Seorang pengkhianat keji muncul di aula utama istana.
Sang Adipati Darah yang Mengamuk mengenakan jubah merah darah dan mahkota merah di kepalanya. Dia duduk di atas singgasana yang bertatahkan berbagai macam permata.
Tangan kanannya memegang pedang panjang yang tebal dan berat, sementara tangan kirinya memegang kain putih untuk membersihkannya.
Benda itu kaku dan tidak tajam, dan beberapa lubang besar dan kecil muncul di permukaannya. Namun, hal itu memancarkan aura yang ganas dan penuh kekerasan.
Pedang itu akan bersinar lebih terang, dan rasa dinginnya akan semakin terasa setiap kali dia mengusapnya.

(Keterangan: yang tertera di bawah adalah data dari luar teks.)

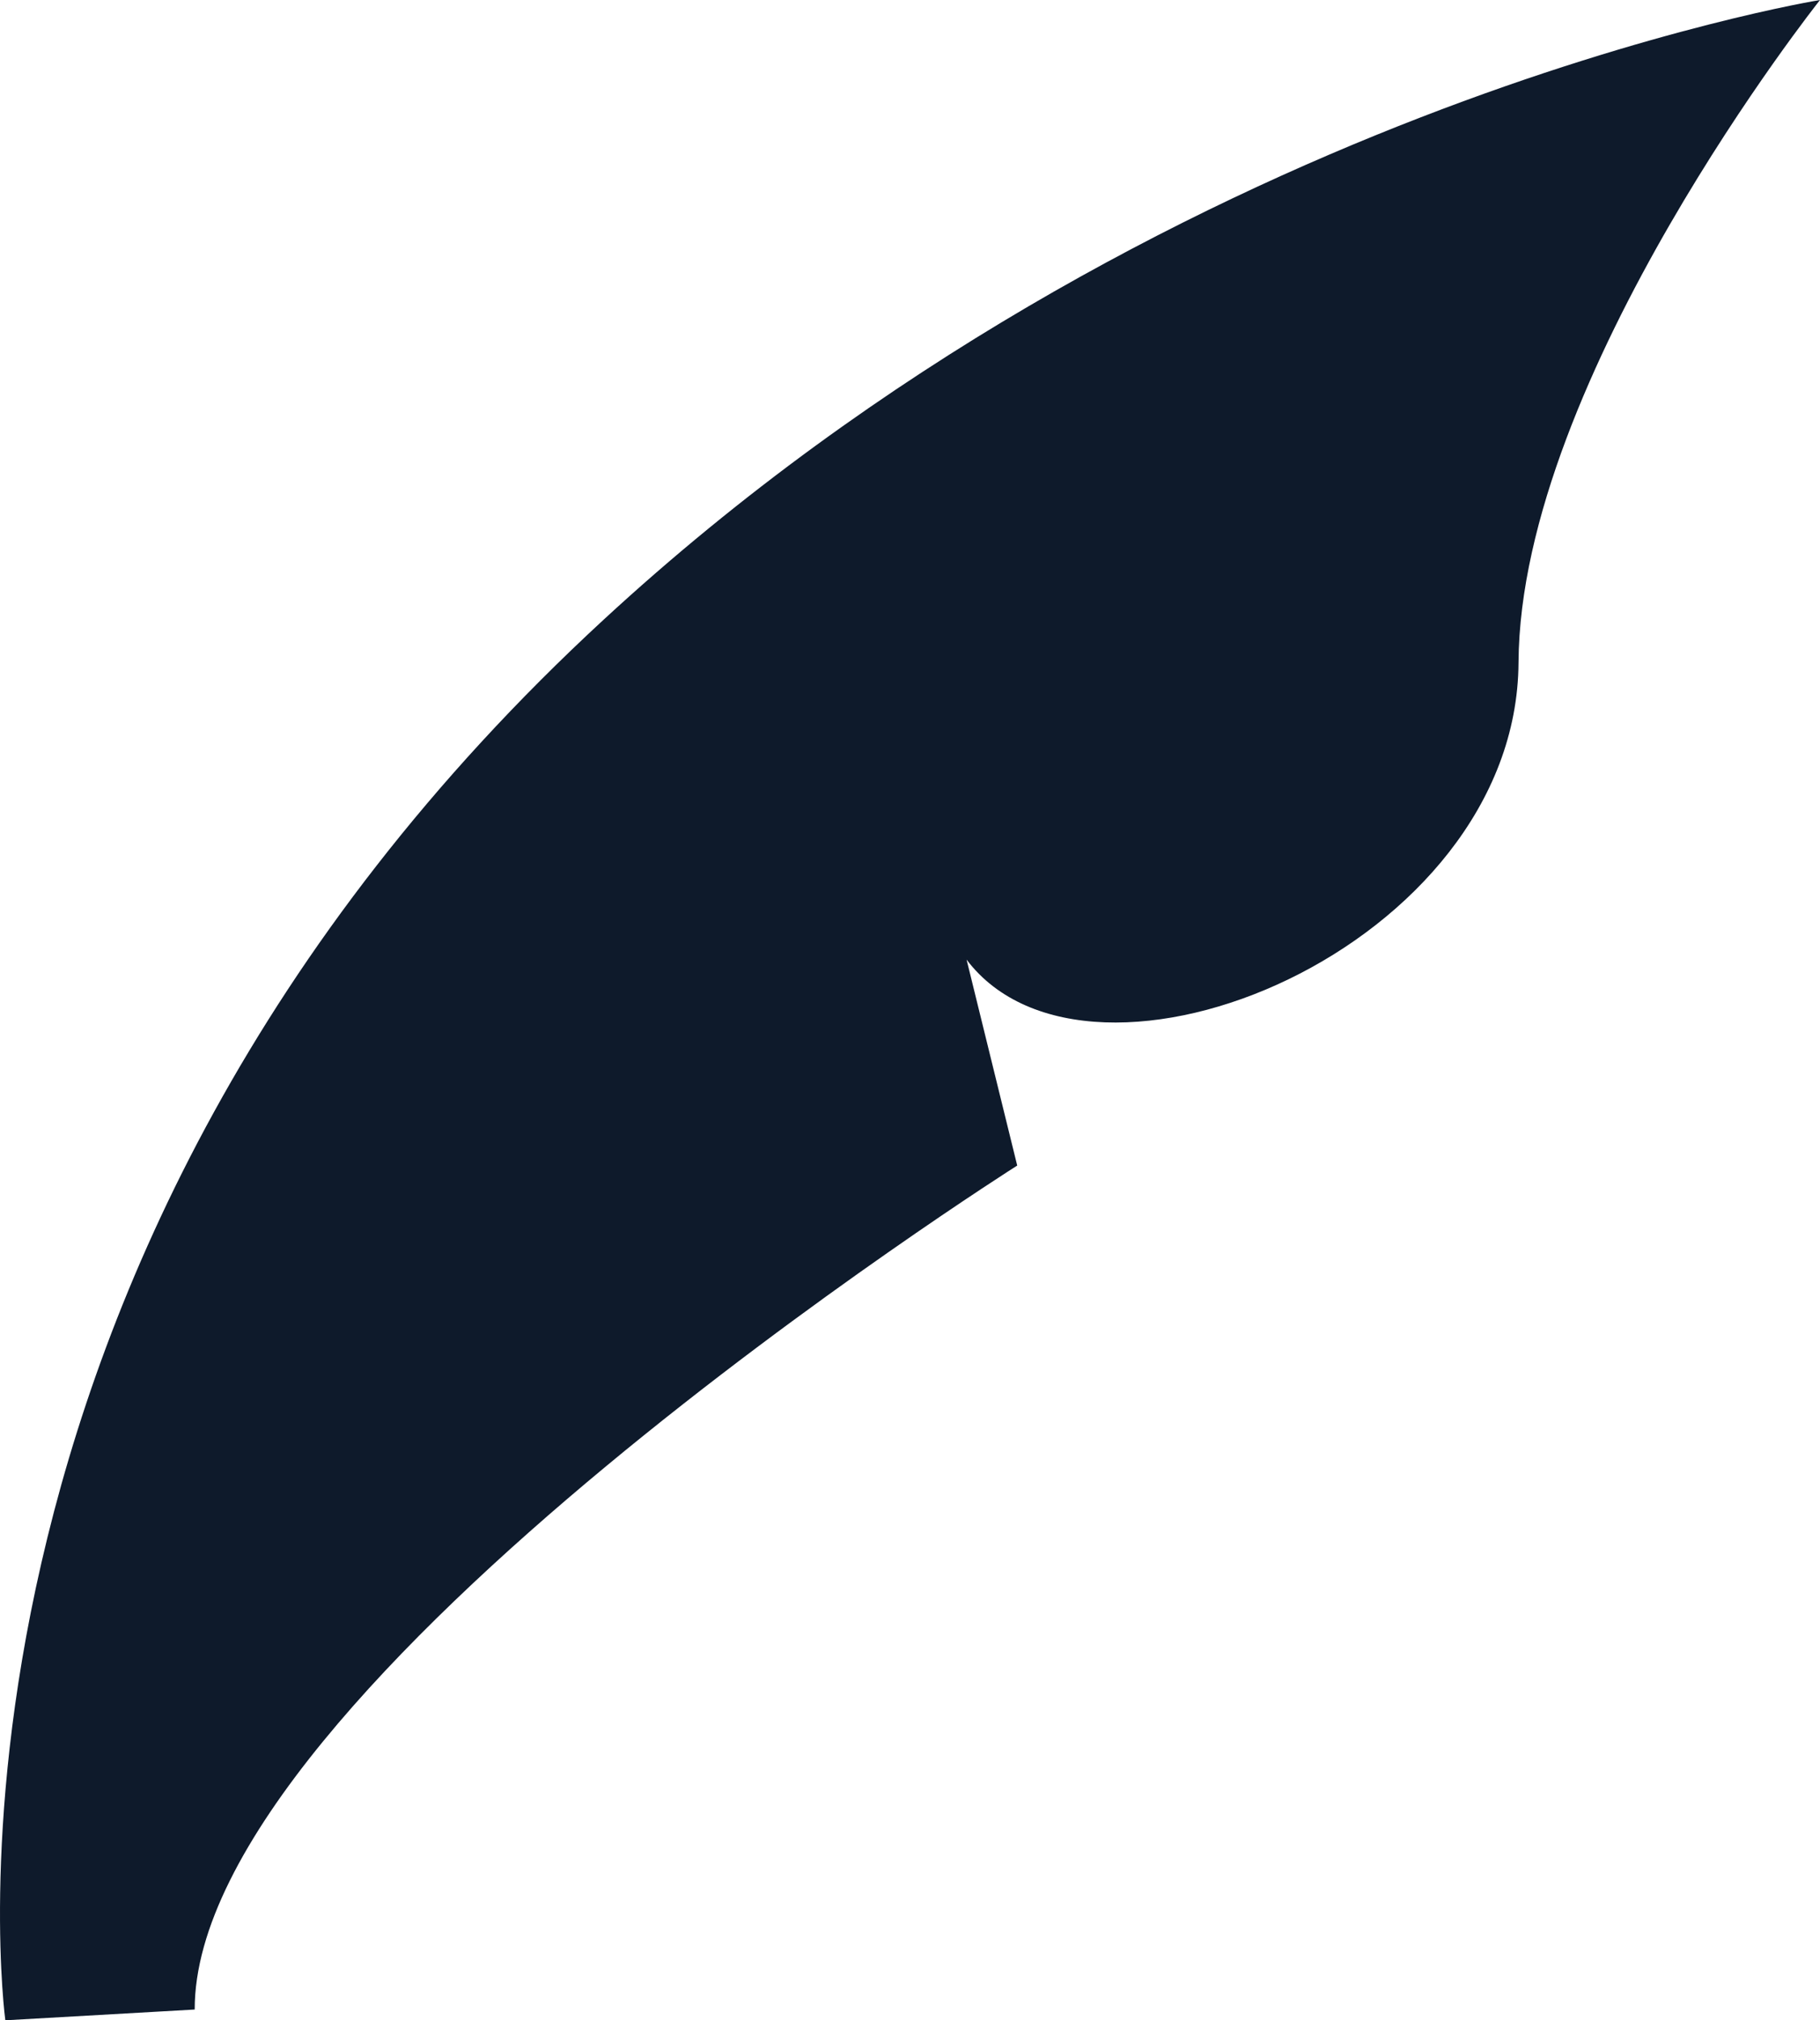 <svg xmlns="http://www.w3.org/2000/svg" viewBox="0 0 750.51 832.89"><defs><style>.a{fill:#0e1a2b;}</style></defs><path class="a" d="M2.2,832.89S-40.35,522.3,248.94,255.45C478.09,44.06,750.51,0,750.51,0S626.83,155.71,626.19,273.13s-176.44,190-227.6,122.49l20.88,84.89S80,695.44,80.29,828.45"/></svg>

Wajah persegi yang bermartabat itu dipenuhi dengan keseriusan yang tak terlukiskan, seolah-olah dia sedang menyembah benda sucinya.
Lebih dari sepuluh sosok dengan aura ganas yang sama diam-diam mengamati tindakannya.
Terdengar suara kain yang digosokkan pada pedang di udara.
Sang Adipati Darah yang Mengamuk perlahan-lahan mengangkat kain putih di tangannya. Pelayan di sampingnya segera mendekat untuk mengambilnya dengan kedua tangan, lalu membungkuk dan pergi.